● **Instructions for the task**
Below are entries. Reproduce exactly the lines between the line holding "#3108 = ORIENTED_EDGE" and the line holding "#3165 = EDGE_LOOP", inclusive, and only those.

● **Exercise input**
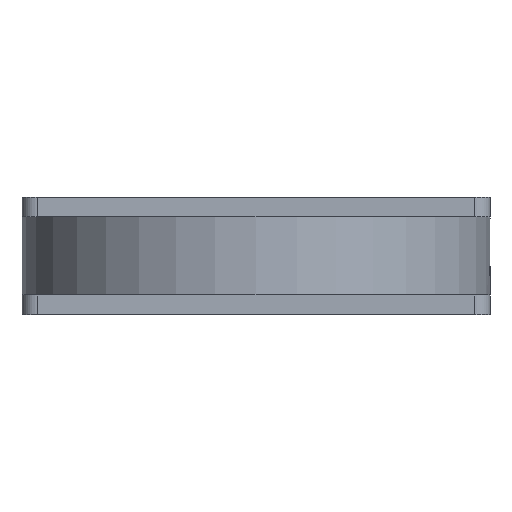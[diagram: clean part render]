
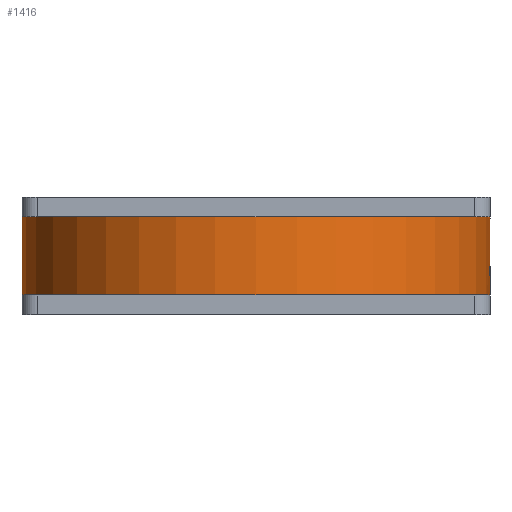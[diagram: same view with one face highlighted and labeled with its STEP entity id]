
A CAD part, front view. The second image highlights one B-rep face of the part: STEP entity #1416.
In plain terms, the highlighted cylindrical face has radius 30 mm (diameter 60 mm), a partial arc.
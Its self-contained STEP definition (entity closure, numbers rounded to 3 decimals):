
#30 = CARTESIAN_POINT ( 'NONE',  ( 0., 0., 2.5 ) ) ;
#59 = DIRECTION ( 'NONE',  ( 0., 0., -1. ) ) ;
#90 = CARTESIAN_POINT ( 'NONE',  ( 30., 0., 12.5 ) ) ;
#96 = EDGE_CURVE ( 'NONE', #2491, #2523, #2001, .T. ) ;
#115 = CARTESIAN_POINT ( 'NONE',  ( 30., -0.667, 3.856 ) ) ;
#187 = ORIENTED_EDGE ( 'NONE', *, *, #2094, .T. ) ;
#196 = DIRECTION ( 'NONE',  ( -1., 0., 0. ) ) ;
#197 = ORIENTED_EDGE ( 'NONE', *, *, #1129, .T. ) ;
#240 = EDGE_CURVE ( 'NONE', #1895, #2552, #2026, .T. ) ;
#252 = DIRECTION ( 'NONE',  ( 0., 0., 1. ) ) ;
#263 = CARTESIAN_POINT ( 'NONE',  ( 30., -0.667, 12.3 ) ) ;
#326 = AXIS2_PLACEMENT_3D ( 'NONE', #2789, #2529, #897 ) ;
#378 = ORIENTED_EDGE ( 'NONE', *, *, #96, .T. ) ;
#386 = CARTESIAN_POINT ( 'NONE',  ( 30., 0., 2.7 ) ) ;
#407 = CARTESIAN_POINT ( 'NONE',  ( 29.978, -1.334, 5.011 ) ) ;
#428 = DIRECTION ( 'NONE',  ( 0., 0., -1. ) ) ;
#480 = LINE ( 'NONE', #2977, #972 ) ;
#539 = VECTOR ( 'NONE', #252, 1000. ) ;
#559 = CARTESIAN_POINT ( 'NONE',  ( 30., 0., 12.3 ) ) ;
#666 = CARTESIAN_POINT ( 'NONE',  ( 30., 0., 0. ) ) ;
#732 = CARTESIAN_POINT ( 'NONE',  ( 29.983, -1., 0. ) ) ;
#742 = DIRECTION ( 'NONE',  ( -1., 0., 0. ) ) ;
#753 = VERTEX_POINT ( 'NONE', #2959 ) ;
#765 = EDGE_CURVE ( 'NONE', #2108, #753, #2856, .T. ) ;
#830 = CARTESIAN_POINT ( 'NONE',  ( 0., -30., 2.5 ) ) ;
#887 = CARTESIAN_POINT ( 'NONE',  ( 0., 0., 12.5 ) ) ;
#897 = DIRECTION ( 'NONE',  ( -1., 0., 0. ) ) ;
#921 = CARTESIAN_POINT ( 'NONE',  ( 0., 0., 12.5 ) ) ;
#943 = DIRECTION ( 'NONE',  ( 0., 0., -1. ) ) ;
#972 = VECTOR ( 'NONE', #3198, 1000. ) ;
#1013 = VERTEX_POINT ( 'NONE', #1861 ) ;
#1051 = ORIENTED_EDGE ( 'NONE', *, *, #240, .T. ) ;
#1127 = CIRCLE ( 'NONE', #3232, 30. ) ;
#1129 = EDGE_CURVE ( 'NONE', #2458, #2108, #3068, .T. ) ;
#1153 = LINE ( 'NONE', #1192, #1652 ) ;
#1175 = DIRECTION ( 'NONE',  ( -1., 0., 0. ) ) ;
#1186 = CIRCLE ( 'NONE', #3032, 30. ) ;
#1192 = CARTESIAN_POINT ( 'NONE',  ( 30., 0., 0. ) ) ;
#1197 = VERTEX_POINT ( 'NONE', #1723 ) ;
#1235 = CARTESIAN_POINT ( 'NONE',  ( 29.992, -1., 12.3 ) ) ;
#1237 = CIRCLE ( 'NONE', #326, 30. ) ;
#1245 = ORIENTED_EDGE ( 'NONE', *, *, #2179, .T. ) ;
#1319 = CARTESIAN_POINT ( 'NONE',  ( 29.983, -1., 6.164 ) ) ;
#1416 = ADVANCED_FACE ( 'NONE', ( #1938 ), #2946, .T. ) ;
#1492 = AXIS2_PLACEMENT_3D ( 'NONE', #887, #1653, #2659 ) ;
#1568 = CARTESIAN_POINT ( 'NONE',  ( 30., -0.333, 12.3 ) ) ;
#1624 = EDGE_CURVE ( 'NONE', #2491, #1197, #2165, .T. ) ;
#1652 = VECTOR ( 'NONE', #2154, 1000. ) ;
#1653 = DIRECTION ( 'NONE',  ( 0., 0., -1. ) ) ;
#1690 = DIRECTION ( 'NONE',  ( 0., 0., -1. ) ) ;
#1706 = CARTESIAN_POINT ( 'NONE',  ( 0., 0., 0. ) ) ;
#1716 = ORIENTED_EDGE ( 'NONE', *, *, #2194, .F. ) ;
#1723 = CARTESIAN_POINT ( 'NONE',  ( 30., 0., 2.5 ) ) ;
#1762 = EDGE_CURVE ( 'NONE', #2483, #1013, #1127, .T. ) ;
#1775 = CARTESIAN_POINT ( 'NONE',  ( 29.992, -1., 12.3 ) ) ;
#1834 = CARTESIAN_POINT ( 'NONE',  ( 30., 0., 2.7 ) ) ;
#1861 = CARTESIAN_POINT ( 'NONE',  ( -30., 0., 2.5 ) ) ;
#1880 = ORIENTED_EDGE ( 'NONE', *, *, #1624, .F. ) ;
#1895 = VERTEX_POINT ( 'NONE', #1319 ) ;
#1914 = AXIS2_PLACEMENT_3D ( 'NONE', #921, #428, #1175 ) ;
#1938 = FACE_OUTER_BOUND ( 'NONE', #3165, .T. ) ;
#2001 =( BOUNDED_CURVE ( )  B_SPLINE_CURVE ( 3, ( #386, #115, #407, #2956 ),
 .UNSPECIFIED., .F., .F. ) 
 B_SPLINE_CURVE_WITH_KNOTS ( ( 4, 4 ),
 ( 1.571, 1.638 ),
 .UNSPECIFIED. ) 
 CURVE ( )  GEOMETRIC_REPRESENTATION_ITEM ( )  RATIONAL_B_SPLINE_CURVE ( ( 1., 1., 1., 1. ) ) 
 REPRESENTATION_ITEM ( '' )  );
#2026 = LINE ( 'NONE', #732, #539 ) ;
#2094 = EDGE_CURVE ( 'NONE', #753, #1013, #480, .T. ) ;
#2108 = VERTEX_POINT ( 'NONE', #3182 ) ;
#2154 = DIRECTION ( 'NONE',  ( 0., 0., -1. ) ) ;
#2165 = LINE ( 'NONE', #666, #2589 ) ;
#2179 = EDGE_CURVE ( 'NONE', #2523, #1895, #1237, .T. ) ;
#2194 = EDGE_CURVE ( 'NONE', #2458, #2374, #1153, .T. ) ;
#2217 = CARTESIAN_POINT ( 'NONE',  ( 29.933, -2., 6.164 ) ) ;
#2227 = AXIS2_PLACEMENT_3D ( 'NONE', #1706, #1690, #196 ) ;
#2245 = CARTESIAN_POINT ( 'NONE',  ( 0., 0., 2.5 ) ) ;
#2263 = DIRECTION ( 'NONE',  ( -1., 0., 0. ) ) ;
#2374 = VERTEX_POINT ( 'NONE', #2953 ) ;
#2458 = VERTEX_POINT ( 'NONE', #90 ) ;
#2483 = VERTEX_POINT ( 'NONE', #830 ) ;
#2491 = VERTEX_POINT ( 'NONE', #1834 ) ;
#2520 = ORIENTED_EDGE ( 'NONE', *, *, #1762, .F. ) ;
#2523 = VERTEX_POINT ( 'NONE', #2217 ) ;
#2529 = DIRECTION ( 'NONE',  ( 0., 0., 1. ) ) ;
#2552 = VERTEX_POINT ( 'NONE', #1235 ) ;
#2589 = VECTOR ( 'NONE', #2918, 1000. ) ;
#2659 = DIRECTION ( 'NONE',  ( -1., 0., 0. ) ) ;
#2728 = B_SPLINE_CURVE_WITH_KNOTS ( 'NONE', 3,
 ( #559, #1568, #263, #1775 ),
 .UNSPECIFIED., .F., .F.,
 ( 4, 4 ),
 ( 0., 1. ),
 .UNSPECIFIED. ) ;
#2753 = EDGE_CURVE ( 'NONE', #1197, #2483, #1186, .T. ) ;
#2789 = CARTESIAN_POINT ( 'NONE',  ( 0., 0., 6.164 ) ) ;
#2856 = CIRCLE ( 'NONE', #1492, 30. ) ;
#2918 = DIRECTION ( 'NONE',  ( 0., 0., -1. ) ) ;
#2933 = EDGE_CURVE ( 'NONE', #2374, #2552, #2728, .T. ) ;
#2946 = CYLINDRICAL_SURFACE ( 'NONE', #2227, 30. ) ;
#2953 = CARTESIAN_POINT ( 'NONE',  ( 30., 0., 12.3 ) ) ;
#2956 = CARTESIAN_POINT ( 'NONE',  ( 29.933, -2., 6.164 ) ) ;
#2959 = CARTESIAN_POINT ( 'NONE',  ( -30., 0., 12.5 ) ) ;
#2977 = CARTESIAN_POINT ( 'NONE',  ( -30., 0., 0. ) ) ;
#3032 = AXIS2_PLACEMENT_3D ( 'NONE', #30, #59, #2263 ) ;
#3068 = CIRCLE ( 'NONE', #1914, 30. ) ;
#3108 = ORIENTED_EDGE ( 'NONE', *, *, #2933, .F. ) ;
#3156 = ORIENTED_EDGE ( 'NONE', *, *, #765, .T. ) ;
#3165 = EDGE_LOOP ( 'NONE', ( #1716, #197, #3156, #187, #2520, #3233, #1880, #378, #1245, #1051, #3108 ) ) ;
#3182 = CARTESIAN_POINT ( 'NONE',  ( 0., -30., 12.5 ) ) ;
#3198 = DIRECTION ( 'NONE',  ( 0., 0., -1. ) ) ;
#3232 = AXIS2_PLACEMENT_3D ( 'NONE', #2245, #943, #742 ) ;
#3233 = ORIENTED_EDGE ( 'NONE', *, *, #2753, .F. ) ;

● **Exercise answer**
#3108 = ORIENTED_EDGE ( 'NONE', *, *, #2933, .F. ) ;
#3156 = ORIENTED_EDGE ( 'NONE', *, *, #765, .T. ) ;
#3165 = EDGE_LOOP ( 'NONE', ( #1716, #197, #3156, #187, #2520, #3233, #1880, #378, #1245, #1051, #3108 ) ) ;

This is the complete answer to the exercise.